The basal, secretory and ciliated epithelial cells were identified using markers CD49f, β-Tubulin, TSPAN described previously [19]. The epithelial cell subpopulations were defined as follows:

Epithelial cells with basal phenotype: CD49f + β-Tubulin- TSPAN-.

Epithelial cells with secretory phenotype: TSPAN + CD49f- β-Tubulin-.

Epithelial cells with ciliated phenotype: β-Tubulin + TSPAN-CD49f-.

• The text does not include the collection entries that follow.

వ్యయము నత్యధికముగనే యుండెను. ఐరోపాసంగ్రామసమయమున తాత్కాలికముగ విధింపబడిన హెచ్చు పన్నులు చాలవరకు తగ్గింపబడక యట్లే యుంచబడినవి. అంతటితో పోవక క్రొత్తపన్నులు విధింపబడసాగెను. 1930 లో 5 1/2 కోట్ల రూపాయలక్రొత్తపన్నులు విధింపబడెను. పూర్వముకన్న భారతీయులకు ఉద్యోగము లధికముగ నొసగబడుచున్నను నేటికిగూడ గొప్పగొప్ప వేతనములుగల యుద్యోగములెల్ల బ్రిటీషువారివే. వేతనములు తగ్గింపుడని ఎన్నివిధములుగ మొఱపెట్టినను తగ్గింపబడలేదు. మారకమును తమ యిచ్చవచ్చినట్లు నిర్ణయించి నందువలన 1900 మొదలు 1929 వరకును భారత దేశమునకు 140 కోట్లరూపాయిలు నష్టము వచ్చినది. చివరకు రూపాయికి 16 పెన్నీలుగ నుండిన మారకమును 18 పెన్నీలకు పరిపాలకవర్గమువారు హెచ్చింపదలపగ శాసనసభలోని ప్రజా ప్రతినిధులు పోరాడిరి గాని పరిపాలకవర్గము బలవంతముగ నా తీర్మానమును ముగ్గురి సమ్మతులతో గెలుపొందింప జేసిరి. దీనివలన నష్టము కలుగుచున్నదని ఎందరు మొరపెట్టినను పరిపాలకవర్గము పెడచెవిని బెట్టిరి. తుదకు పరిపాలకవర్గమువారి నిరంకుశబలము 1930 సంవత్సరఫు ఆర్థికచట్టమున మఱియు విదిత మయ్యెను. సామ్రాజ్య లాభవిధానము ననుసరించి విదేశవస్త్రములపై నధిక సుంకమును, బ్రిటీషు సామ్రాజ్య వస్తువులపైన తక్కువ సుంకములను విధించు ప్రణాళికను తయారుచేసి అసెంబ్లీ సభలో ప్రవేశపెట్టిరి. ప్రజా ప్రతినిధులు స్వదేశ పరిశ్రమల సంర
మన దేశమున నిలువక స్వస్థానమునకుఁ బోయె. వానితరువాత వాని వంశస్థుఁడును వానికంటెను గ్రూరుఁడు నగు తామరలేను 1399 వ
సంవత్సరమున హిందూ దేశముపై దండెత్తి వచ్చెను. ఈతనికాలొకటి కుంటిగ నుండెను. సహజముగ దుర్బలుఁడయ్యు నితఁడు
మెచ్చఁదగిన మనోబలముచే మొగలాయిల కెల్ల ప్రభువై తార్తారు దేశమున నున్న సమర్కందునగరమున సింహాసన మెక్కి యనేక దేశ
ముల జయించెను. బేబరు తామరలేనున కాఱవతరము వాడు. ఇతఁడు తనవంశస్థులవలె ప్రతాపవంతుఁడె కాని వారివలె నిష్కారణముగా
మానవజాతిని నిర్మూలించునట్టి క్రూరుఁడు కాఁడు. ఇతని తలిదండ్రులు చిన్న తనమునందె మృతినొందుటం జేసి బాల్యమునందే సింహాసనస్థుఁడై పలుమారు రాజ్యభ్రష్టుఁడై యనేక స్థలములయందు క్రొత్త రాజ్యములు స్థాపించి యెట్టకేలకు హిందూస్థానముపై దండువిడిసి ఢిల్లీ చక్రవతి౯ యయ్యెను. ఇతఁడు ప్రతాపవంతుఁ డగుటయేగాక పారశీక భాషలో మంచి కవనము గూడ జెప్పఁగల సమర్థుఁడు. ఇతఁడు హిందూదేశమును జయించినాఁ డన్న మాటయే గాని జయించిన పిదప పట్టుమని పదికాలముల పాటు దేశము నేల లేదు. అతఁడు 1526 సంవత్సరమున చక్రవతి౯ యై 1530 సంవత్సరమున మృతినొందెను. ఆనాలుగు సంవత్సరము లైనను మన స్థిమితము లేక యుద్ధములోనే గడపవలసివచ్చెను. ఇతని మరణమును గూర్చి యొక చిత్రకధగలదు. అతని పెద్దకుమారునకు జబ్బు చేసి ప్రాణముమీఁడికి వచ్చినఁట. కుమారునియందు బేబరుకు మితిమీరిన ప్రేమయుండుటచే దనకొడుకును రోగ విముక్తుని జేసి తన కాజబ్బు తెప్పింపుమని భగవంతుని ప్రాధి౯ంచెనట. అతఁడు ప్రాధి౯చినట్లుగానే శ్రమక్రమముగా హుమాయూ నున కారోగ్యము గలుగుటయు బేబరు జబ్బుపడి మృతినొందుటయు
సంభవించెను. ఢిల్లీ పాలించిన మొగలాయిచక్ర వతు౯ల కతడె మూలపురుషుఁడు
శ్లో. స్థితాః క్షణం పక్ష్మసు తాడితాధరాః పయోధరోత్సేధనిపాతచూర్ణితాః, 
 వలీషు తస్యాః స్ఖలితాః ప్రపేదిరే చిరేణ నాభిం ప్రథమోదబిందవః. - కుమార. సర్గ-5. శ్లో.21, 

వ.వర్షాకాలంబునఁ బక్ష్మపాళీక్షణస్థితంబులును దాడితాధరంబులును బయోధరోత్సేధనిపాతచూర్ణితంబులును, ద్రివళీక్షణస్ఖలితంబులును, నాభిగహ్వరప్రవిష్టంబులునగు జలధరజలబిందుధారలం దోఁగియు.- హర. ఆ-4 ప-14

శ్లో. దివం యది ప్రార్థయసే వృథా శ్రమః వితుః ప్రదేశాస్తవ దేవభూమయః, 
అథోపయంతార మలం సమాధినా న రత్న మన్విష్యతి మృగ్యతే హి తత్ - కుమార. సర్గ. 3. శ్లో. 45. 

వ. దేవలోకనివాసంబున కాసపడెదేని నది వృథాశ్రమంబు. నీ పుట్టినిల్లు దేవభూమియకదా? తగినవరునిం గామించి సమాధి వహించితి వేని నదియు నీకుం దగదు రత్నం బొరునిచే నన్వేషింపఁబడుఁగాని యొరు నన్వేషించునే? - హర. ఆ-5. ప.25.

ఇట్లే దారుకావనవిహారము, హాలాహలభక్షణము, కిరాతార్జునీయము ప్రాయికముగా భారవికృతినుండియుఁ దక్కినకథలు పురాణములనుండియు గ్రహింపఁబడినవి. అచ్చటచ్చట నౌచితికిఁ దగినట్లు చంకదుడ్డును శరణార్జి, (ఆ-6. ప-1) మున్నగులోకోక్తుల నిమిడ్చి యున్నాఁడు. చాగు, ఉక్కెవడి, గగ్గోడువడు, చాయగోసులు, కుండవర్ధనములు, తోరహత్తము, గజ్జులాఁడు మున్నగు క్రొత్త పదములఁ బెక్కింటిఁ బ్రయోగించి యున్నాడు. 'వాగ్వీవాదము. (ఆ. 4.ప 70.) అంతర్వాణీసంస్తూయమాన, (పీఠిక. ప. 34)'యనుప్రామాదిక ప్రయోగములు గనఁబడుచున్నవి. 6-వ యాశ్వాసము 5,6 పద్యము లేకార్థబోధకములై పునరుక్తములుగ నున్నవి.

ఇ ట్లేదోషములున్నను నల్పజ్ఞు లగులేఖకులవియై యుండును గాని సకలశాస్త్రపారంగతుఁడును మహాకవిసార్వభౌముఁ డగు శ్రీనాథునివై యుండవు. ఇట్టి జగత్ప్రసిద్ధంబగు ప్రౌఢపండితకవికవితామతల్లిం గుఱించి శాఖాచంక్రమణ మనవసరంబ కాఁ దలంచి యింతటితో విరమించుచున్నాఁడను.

Reactive oxygen species (ROS) analysis

The ROS identification was performed using the total ROS assay kit (Invitrogen, Thermo Fisher) according to manufacturer’s instruction. The cells were analyzed on FACSCelesta instrument (BD Biosciences) at 520 nm (FITC channel).

Statistical analysis

Statistical analyses were performed using Statistica 13.3 software (StatSoft Inc.) and GraphPad Prism software (version 9.3.1) (GraphPad Software). Data are presented as median and interquartile range (IQR) or number and percentage. Differences between continuous variables in 3 groups were tested using Kruskal-Wallis test and between 2 groups using nonparametric Mann–Whitney U test. Fisher’s exact test was used to test the differences between nominal variables. A p-value of less than 0.05 was taken as the threshold of statistical significance.